Extract fails due to IndexError in _get_bullet_string method when the document is created in Pages (MacOS App)

I have seen this happening for files created in Pages but not in files created in MSWord.

How to reproduce

Use Pages (MacOS app) to write a document
make sure to include some bulleted and/or numbered text
save the document as docx
attempt to extract using docx2python

Error encountered

  File "/usr/local/lib/python3.8/site-packages/celery/app/trace.py", line 385, in trace_task
    R = retval = fun(*args, **kwargs)
  File "/usr/local/lib/python3.8/site-packages/celery/app/trace.py", line 650, in __protected_call__
    return self.run(*args, **kwargs)
  File "/app/extractor/tasks.py", line 6, in ingest_docx_task
    return ingest_docx(file, upload_id)
  File "/app/extractor/lib/ingest.py", line 23, in ingest_docx
    content = extract_document_content(local_file_path)
  File "/app/extractor/lib/extract.py", line 150, in extract_document_content
    return _extract_using_docx2python(local_file_path)
  File "/app/extractor/lib/extract.py", line 130, in _extract_using_docx2python
    doc = docx2python(local_file_path)
  File "/usr/local/lib/python3.8/site-packages/docx2python/main.py", line 61, in docx2python
    body = file_text(context["officeDocument"])
  File "/usr/local/lib/python3.8/site-packages/docx2python/main.py", line 56, in file_text
    return get_text(unzipped, context)
  File "/usr/local/lib/python3.8/site-packages/docx2python/docx_text.py", line 264, in get_text
    branches(ElementTree.fromstring(xml))
  File "/usr/local/lib/python3.8/site-packages/docx2python/docx_text.py", line 248, in branches
    branches(child)
  File "/usr/local/lib/python3.8/site-packages/docx2python/docx_text.py", line 185, in branches
    tables.insert(_get_bullet_string(child, context))
  File "/usr/local/lib/python3.8/site-packages/docx2python/docx_text.py", line 105, in _get_bullet_string
    numFmt = context["numId2numFmts"][numId][int(ilvl)]
IndexError: list index out of range

Additional information

It seems Pages is adding abstractNum nodes that don't contain w:lvl nodes. For example:

    <w:abstractNum w:abstractNumId="0">
        <w:multiLevelType w:val="hybridMultilevel"/>
        <w:numStyleLink w:val="Numbered"/>
    </w:abstractNum>

collect_numFmts (from docx_context.py) then reads and stores these in the context as [].
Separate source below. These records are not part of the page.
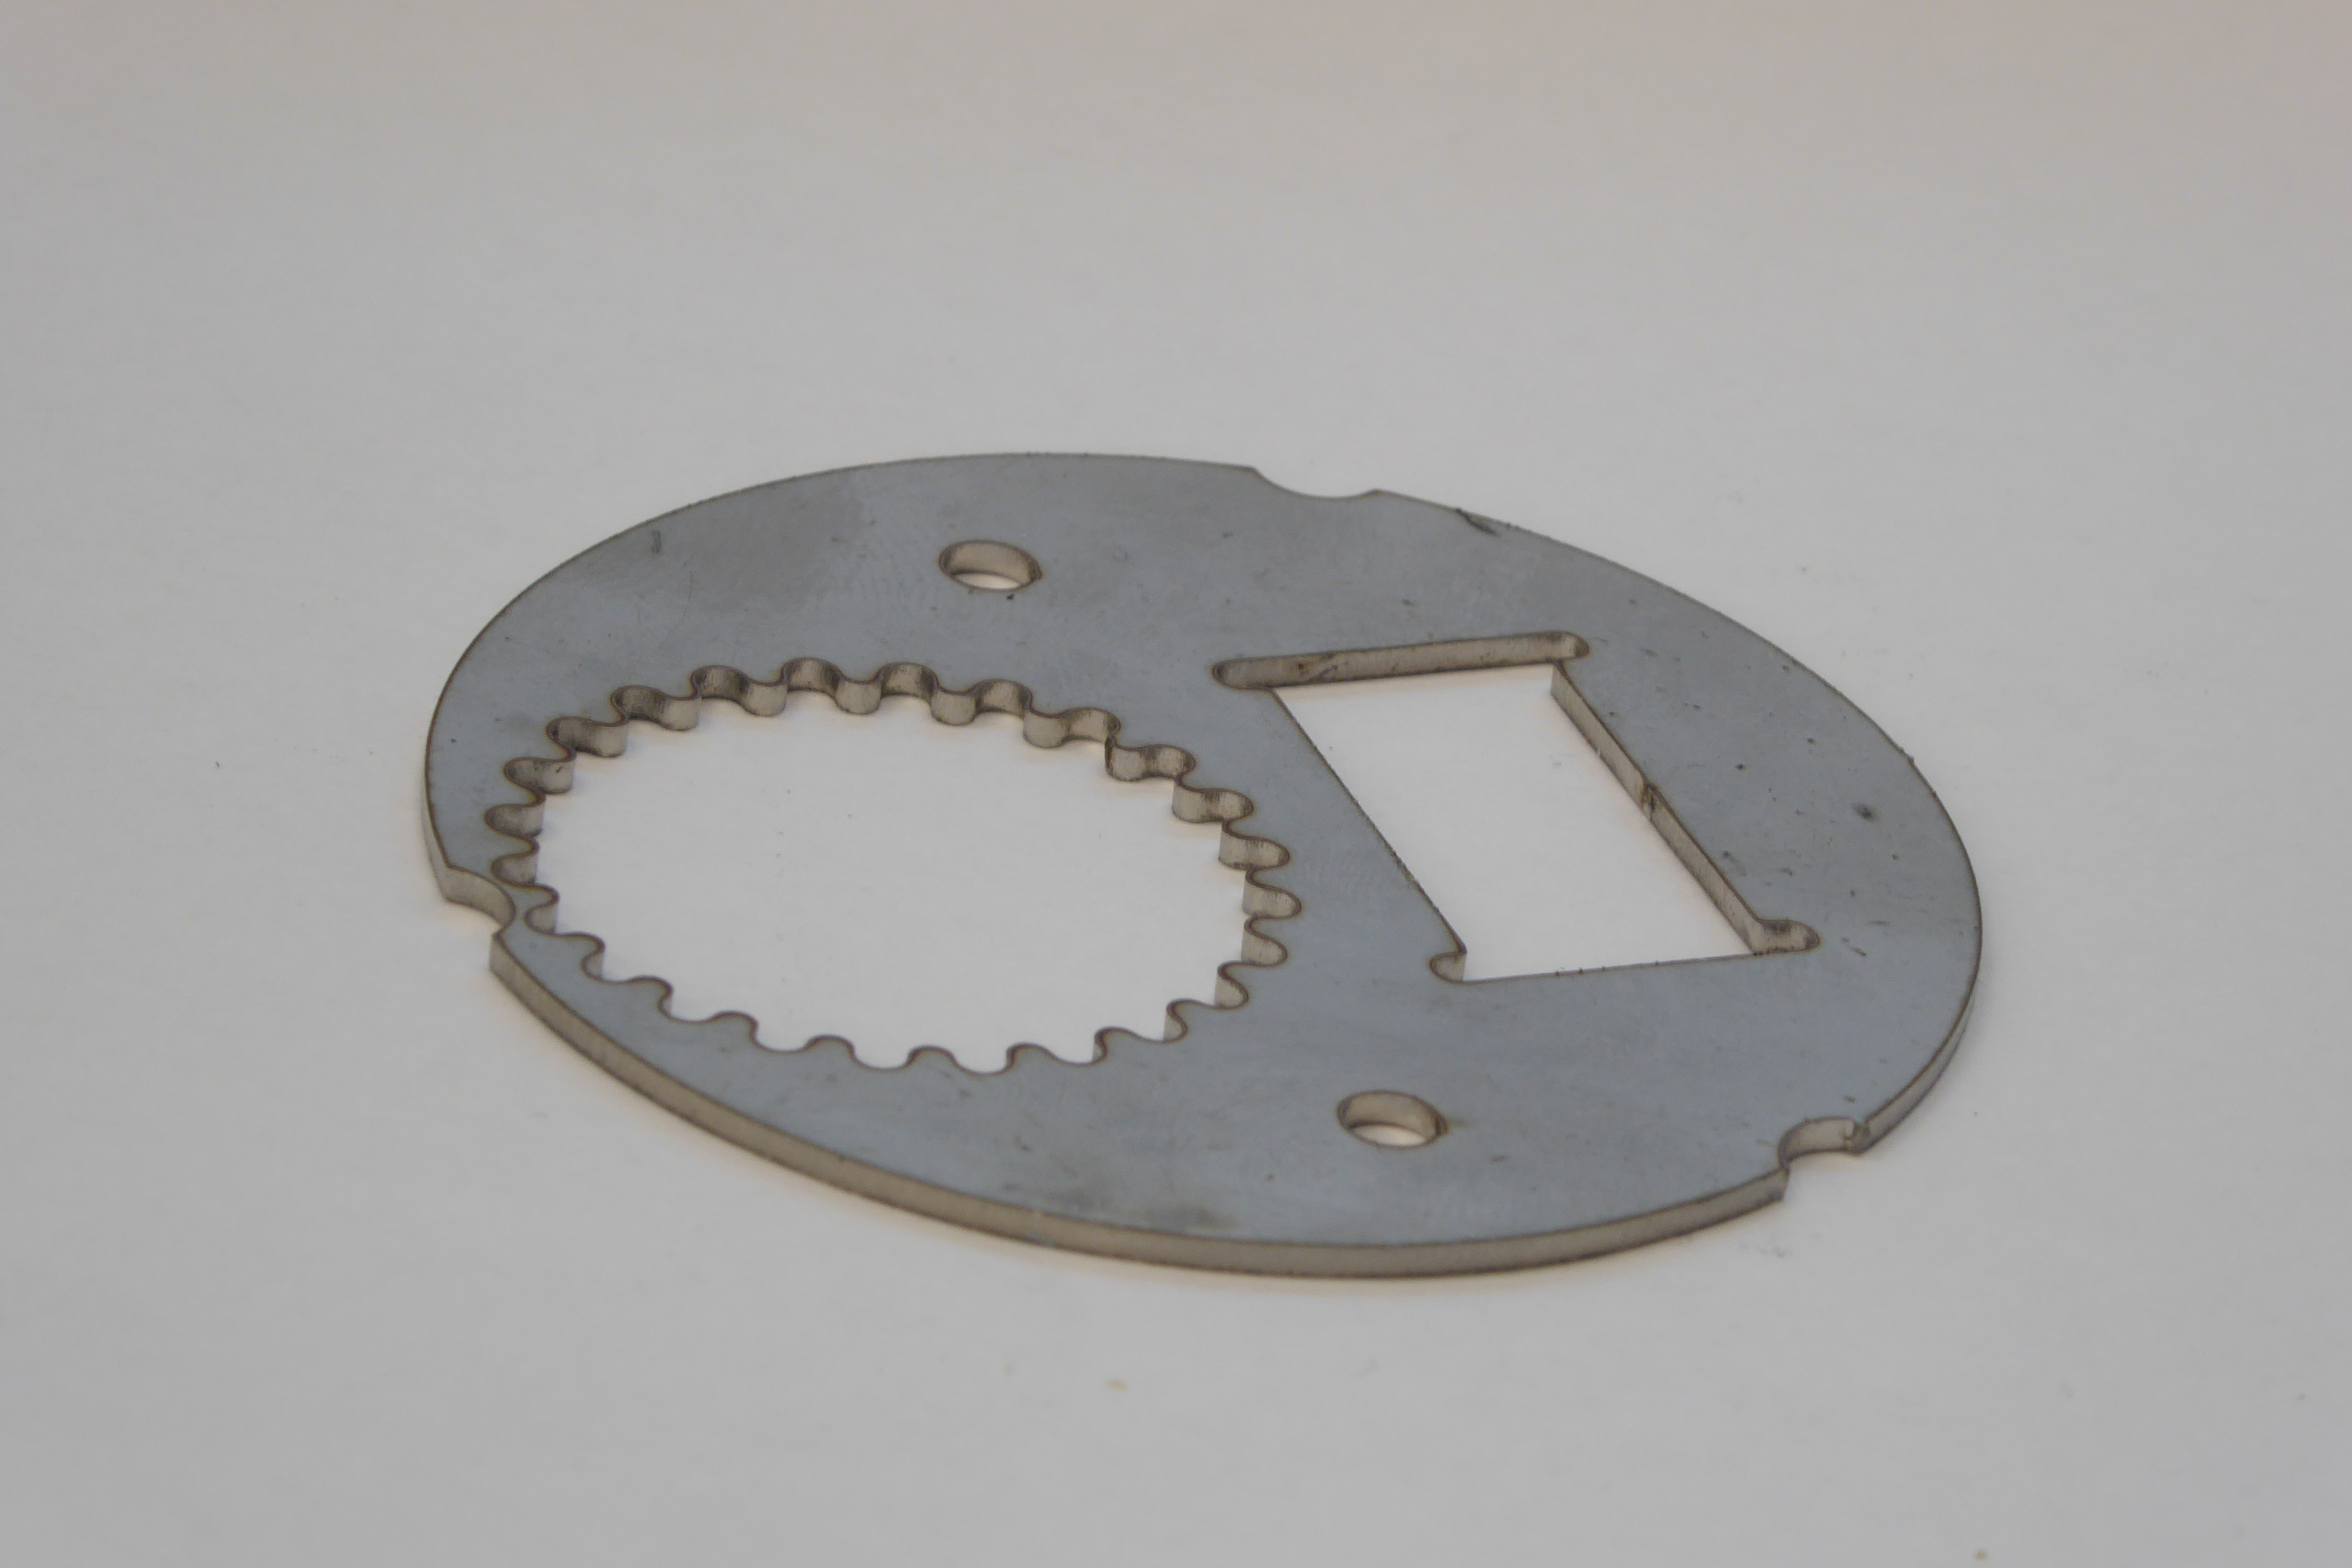
Label: Bottle Opener - Inlay
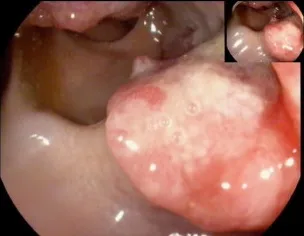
Radiological examination findings. (A) Representative image showing the colonoscopic view of the colon.
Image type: endoscopy (gi_endoscopy)
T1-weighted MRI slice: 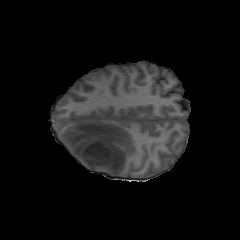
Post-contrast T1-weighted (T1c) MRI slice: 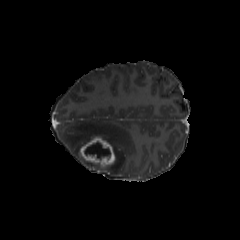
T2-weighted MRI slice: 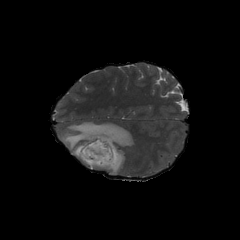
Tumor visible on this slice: yes
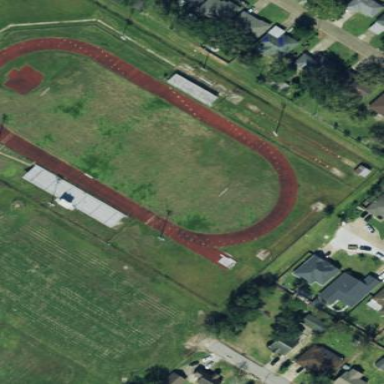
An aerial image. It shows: Track located within leisure land area.
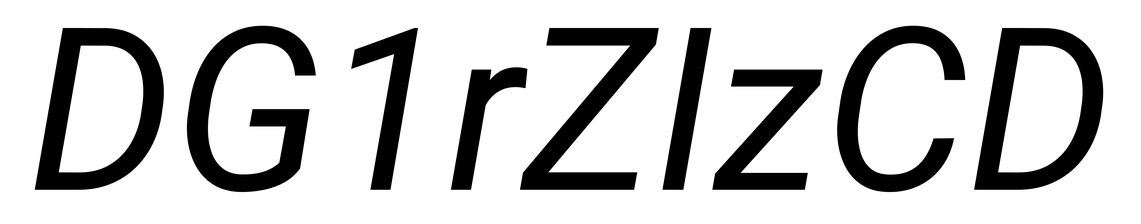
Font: Roboto-Italic_Italic
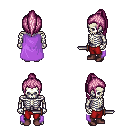
a pixel art fantasy rpg character, male body template, skeleton, lavender cape, red pants, pink long topknot hairstyle, maroon shoes, dagger, four views (front, back, left, right), 2x2 character sprite sheet, small pixel art, hard edges, no anti-aliasing
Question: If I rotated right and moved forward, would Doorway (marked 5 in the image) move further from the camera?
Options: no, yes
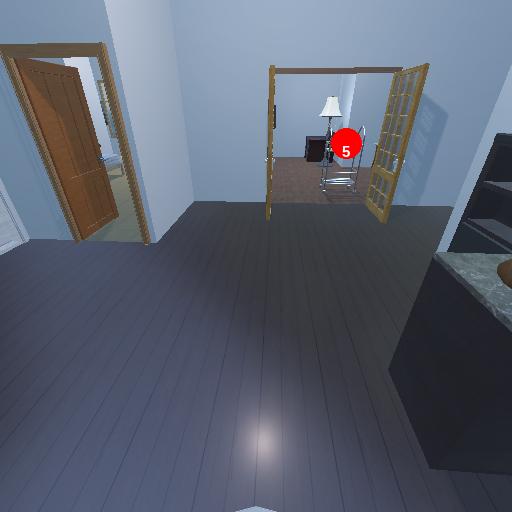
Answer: no
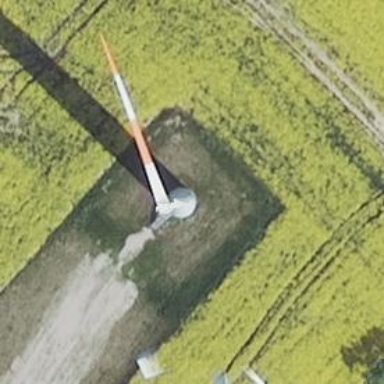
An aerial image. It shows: Wind turbine generator made by Vestas. The generator utilizes wind as its power source and belongs to the horizontal axis type.
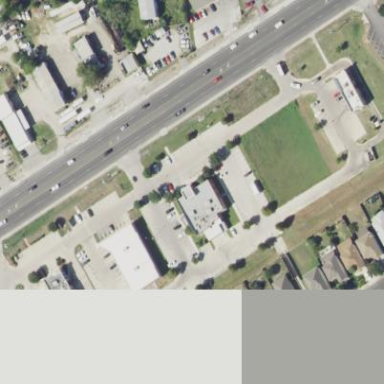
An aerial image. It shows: Retail area.
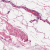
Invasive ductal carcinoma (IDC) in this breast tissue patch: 0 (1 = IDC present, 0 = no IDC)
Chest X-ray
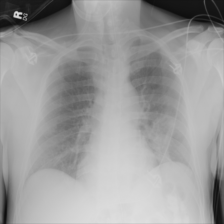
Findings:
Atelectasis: positive
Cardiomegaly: negative
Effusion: negative
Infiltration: negative
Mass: negative
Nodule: negative
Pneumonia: negative
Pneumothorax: negative
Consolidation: negative
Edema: negative
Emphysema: negative
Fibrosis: negative
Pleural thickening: negative
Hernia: negative
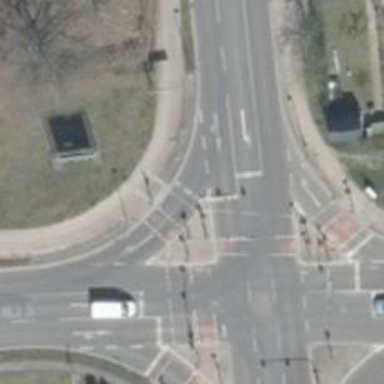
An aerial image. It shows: Road with traffic signals.
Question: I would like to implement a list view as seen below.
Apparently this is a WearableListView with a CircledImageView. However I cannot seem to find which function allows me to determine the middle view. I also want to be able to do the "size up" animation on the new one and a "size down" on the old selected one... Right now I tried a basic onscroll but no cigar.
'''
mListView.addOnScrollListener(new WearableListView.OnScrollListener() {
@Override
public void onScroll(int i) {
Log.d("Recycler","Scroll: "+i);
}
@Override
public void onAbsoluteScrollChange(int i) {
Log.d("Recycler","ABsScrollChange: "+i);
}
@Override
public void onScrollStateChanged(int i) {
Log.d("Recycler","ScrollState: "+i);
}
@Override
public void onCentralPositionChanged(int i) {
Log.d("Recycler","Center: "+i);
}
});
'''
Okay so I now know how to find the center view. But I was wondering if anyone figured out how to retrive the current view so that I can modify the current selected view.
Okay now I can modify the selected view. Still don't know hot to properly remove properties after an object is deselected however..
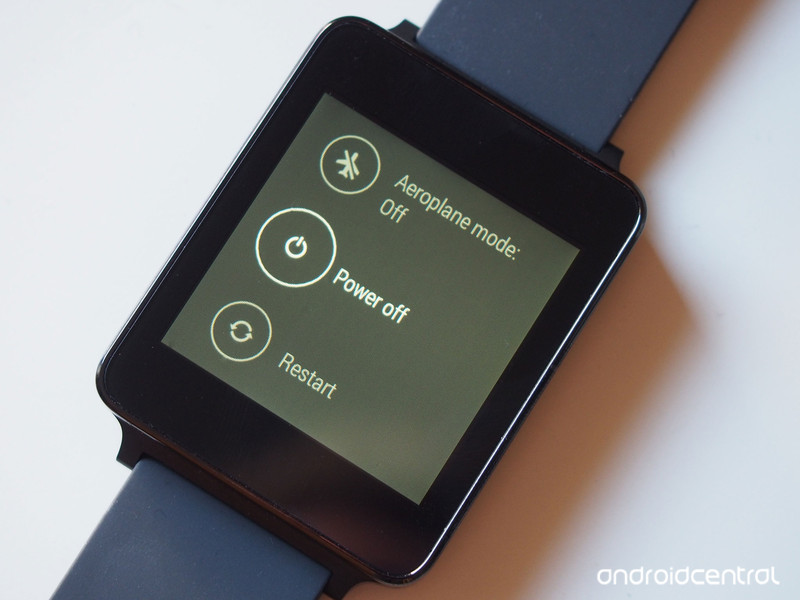
Answer: The trick is to implement getProximityMinValue() and getProximityMaxValue() in your WearableListView.Item subclass:
'''
private final class MyItemView extends FrameLayout implements WearableListView.Item {
final CircledImageView image;
final TextView text;
public MyItemView(Context context) {
super(context);
View.inflate(context, R.layout.wearablelistview_item, this);
image = (CircledImageView) findViewById(R.id.image);
text = (TextView) findViewById(R.id.text);
}
@Override
public float getProximityMinValue() {
return mDefaultCircleRadius;
}
@Override
public float getProximityMaxValue() {
return mSelectedCircleRadius;
}
@Override
public float getCurrentProximityValue() {
return image.getCircleRadius();
}
@Override
public void setScalingAnimatorValue(float value) {
image.setCircleRadius(value);
image.setCircleRadiusPressed(value);
}
@Override
public void onScaleUpStart() {
image.setAlpha(1f);
text.setAlpha(1f);
}
@Override
public void onScaleDownStart() {
image.setAlpha(0.5f);
text.setAlpha(0.5f);
}
}
'''
Full working example <URL>.
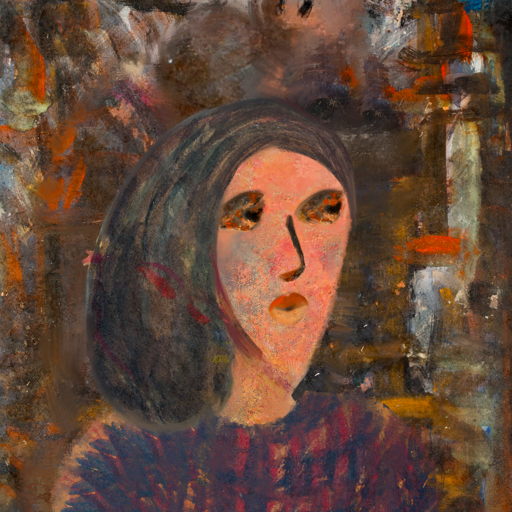
Background: GypsyQueen, Head And Neck Side: Irani, Face Side: Gypsy_Queen, Bust: In_The_Sun, Hair Side: Gypsy_Mother, Head Accessory: Blank, Second Necklace: Blank, Necklace: Blank, Baby: Blank
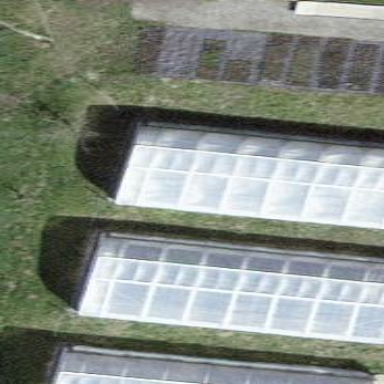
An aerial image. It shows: Greenhouse.
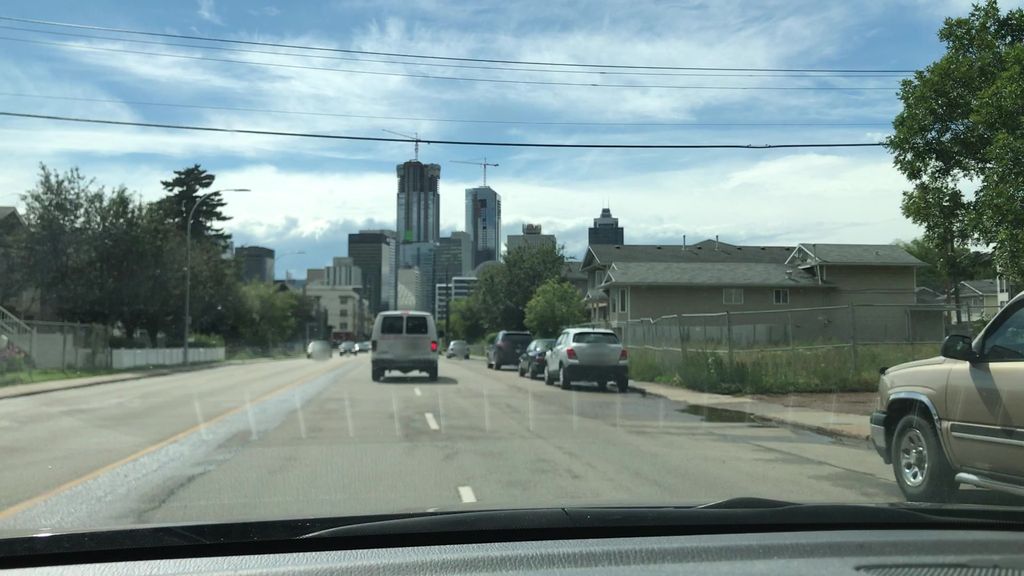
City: edmonton
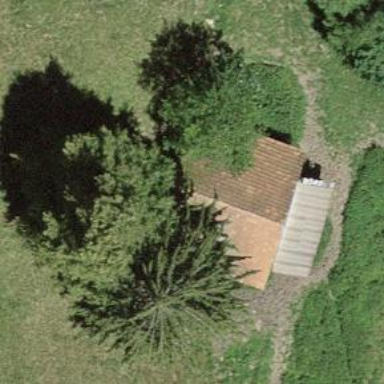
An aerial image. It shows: Rural barn.
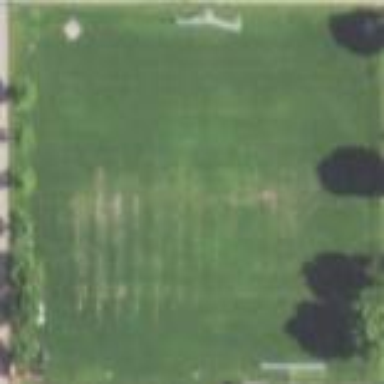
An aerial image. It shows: Recreation ground.
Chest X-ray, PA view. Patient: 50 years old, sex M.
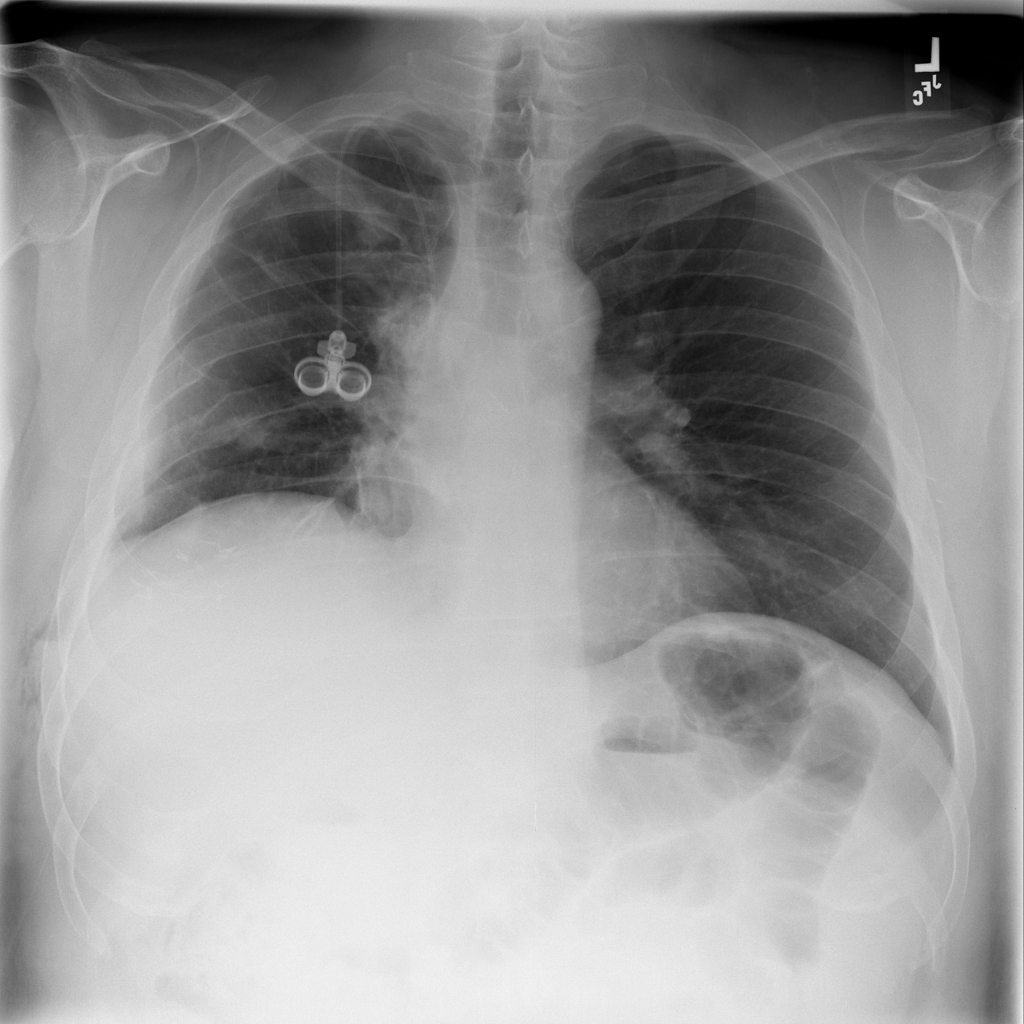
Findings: No Finding
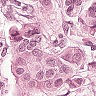
Metastatic tissue present: yes
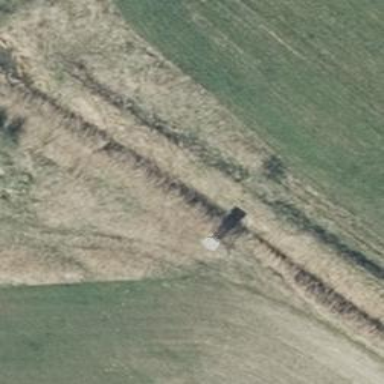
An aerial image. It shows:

docx2python/docx2python/docx_context.py

Line 79 in ab8747c

abstractNumId2numFmts[id_] = []

This context is then passed down to _get_bullet_string (from docx_text.py). Then the IndexError when we try to get the number format from context.

docx2python/docx2python/docx_text.py

Line 102 in 07516f2

numFmt = context["numId2numFmts"][numId][int(ilvl)]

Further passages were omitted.